Does Universal Preschool Hit the Target? Program Access and Preschool Impacts

(pdf) by Elizabeth U. Cascio

Main finding: Preschool programs targeted at the poor don’t work nearly as well as universal pre-school programs.
Nominating economist: Diane Schanzenbach, Northwestern University
Specialization: Poverty and public policy
Why? “This is the paper from the last year that has most changed my mind about something that I thought I knew about. Cascio looks at states with universal vs. targeted preschool programs. I had been a proponent of targeted programs, because so many kids who go to universal programs would have gone [to a paid program] anyway, and so offering them a slot in a universal program drives up the public costs of the program, but doesn’t change whether the child gets preschool. Cascio’s paper shows that the benefits in terms of student outcomes are all coming only from the states with universal programs, not the targeted ones. I think this means we have to support universal pre-k programs, and the large price tags that go along with them.”
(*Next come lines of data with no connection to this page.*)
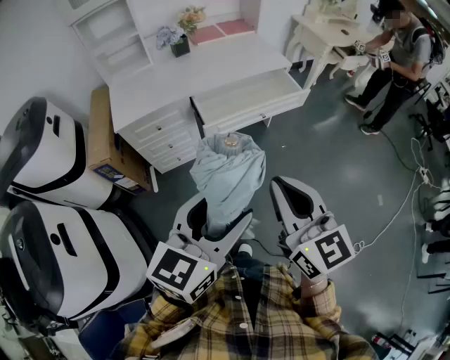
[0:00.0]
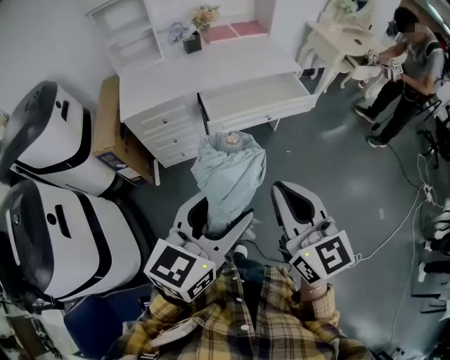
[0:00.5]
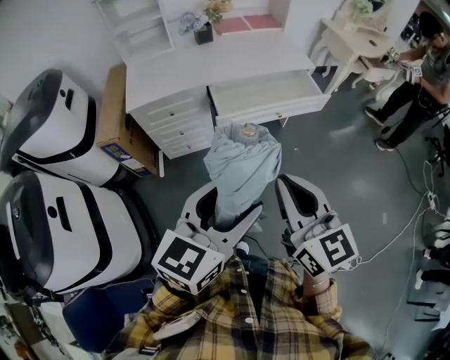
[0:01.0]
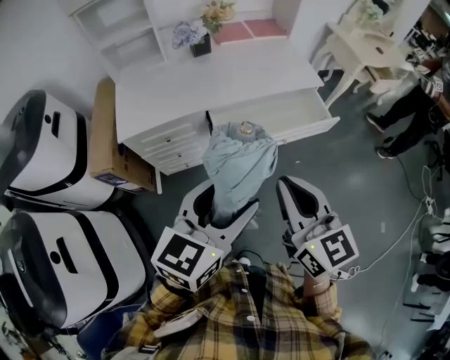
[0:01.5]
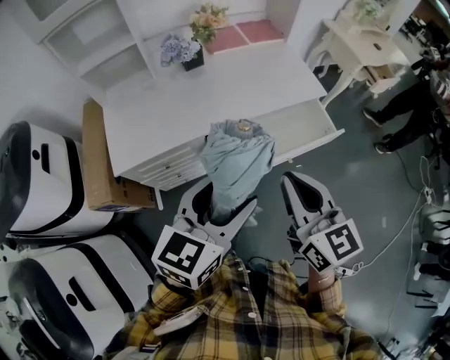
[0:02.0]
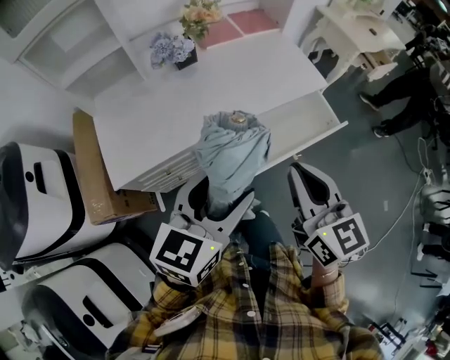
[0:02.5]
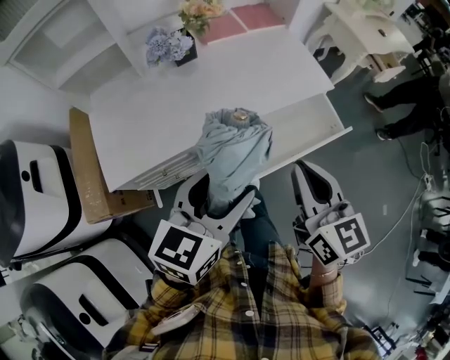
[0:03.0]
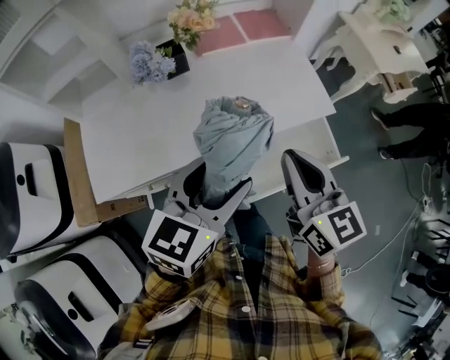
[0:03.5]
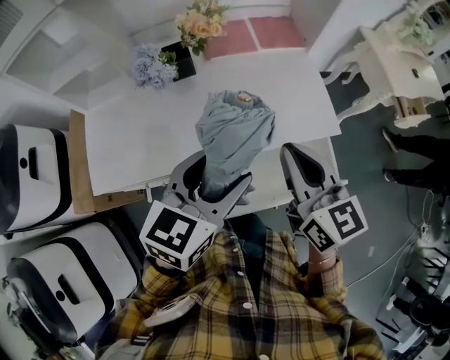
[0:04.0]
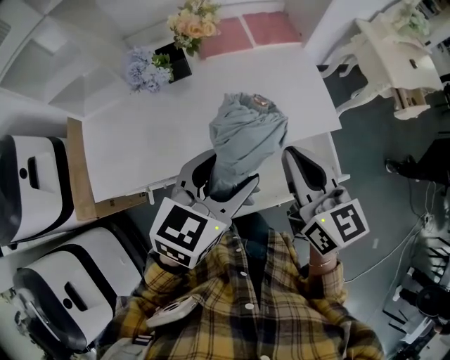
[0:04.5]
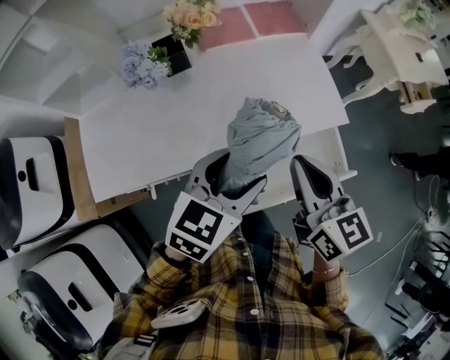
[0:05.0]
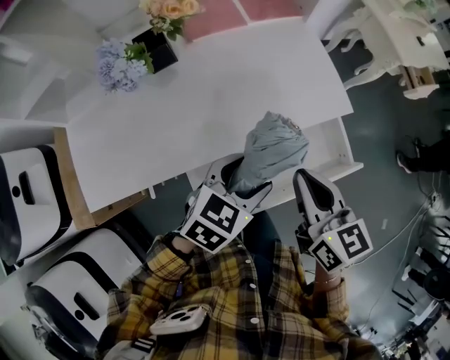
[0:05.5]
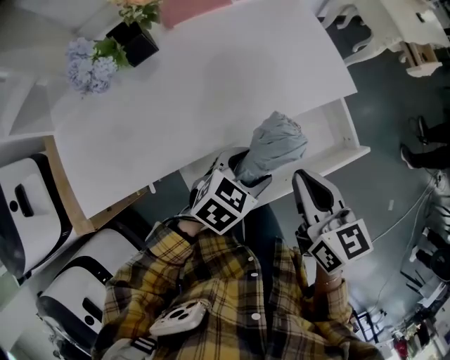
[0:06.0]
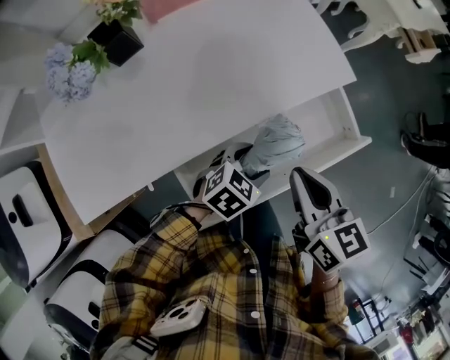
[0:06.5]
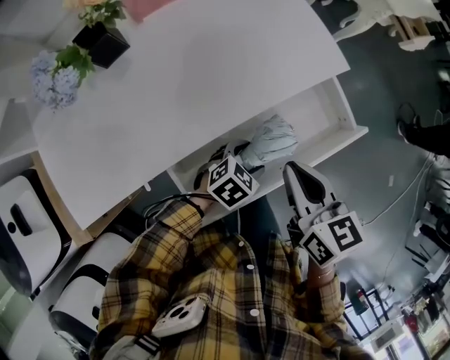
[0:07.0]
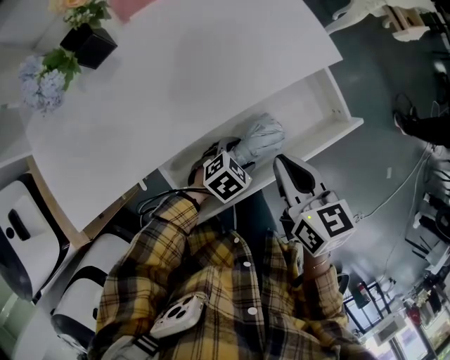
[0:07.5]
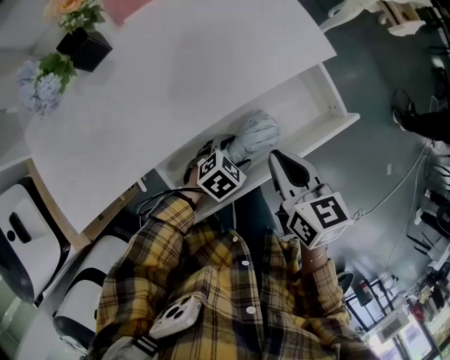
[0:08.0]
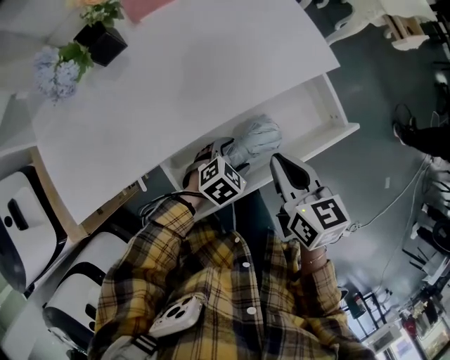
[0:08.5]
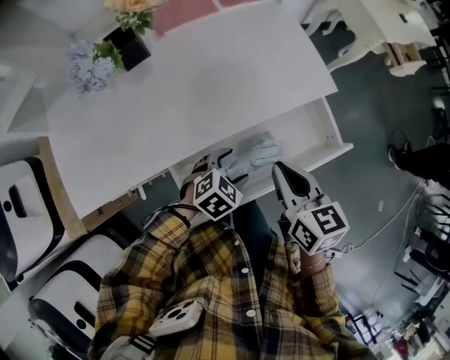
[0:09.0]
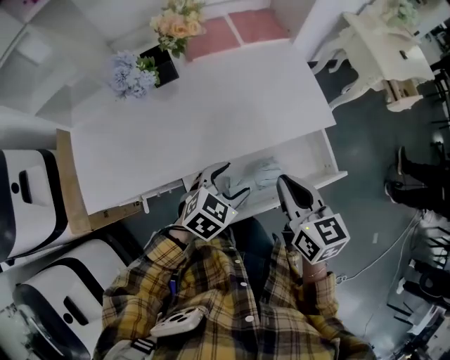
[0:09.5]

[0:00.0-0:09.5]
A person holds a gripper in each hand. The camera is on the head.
0:00.0 to 0:02.0: Both grippers move forward, about 30 cm.
0:02.0 to 0:04.0: The two grippers go about 25 cm forward.
0:04.0 to 0:05.5: The grippers both shift downward by approximately 15 cm. The left gripper swivels some 30 degrees.
0:05.5 to 0:07.5: The right gripper shifts some 10 cm downward. The left gripper is displaced downward by approximately 25 cm, and swivels roughly 30 degrees.
0:07.5 to 0:09.5: The right gripper goes approximately 10 cm upward; the left gripper travels upward by approximately 20 cm, and changes its angle by roughly 30 degrees.

The Macroeconomic Impact of Microeconomic Shocks

 (pdf) by David Baqaee and Emmanuel Farhi

Main finding: Shocks to the economy in certain sectors can have larger effects on the entire economy than previously thought.
Nominating economist: Jean Tirole, Toulouse School of Economics, winner of the 2014 Nobel prize in economics
Specialization: Industrial organization
Why? “Baqaee and Farhi open up the black box of aggregate production by modeling the network linkages between firms and sectors, and demonstrate the emergence of important nonlinearities. This discovery has far-ranging macroeconomic implications, from the microeconomic origins of business cycles to the identification of key sectors with a disproportionate influence on the overall economy. For example, it leads to a radical revaluation, by a full factor of four, of the macroeconomic impact of the 1970s oil shocks. This opens up a fascinating research direction to build a more realistic macroeconomics, from the grounds up, with realistic microeconomic foundations.”

Comments have been lightly edited and/or condensed.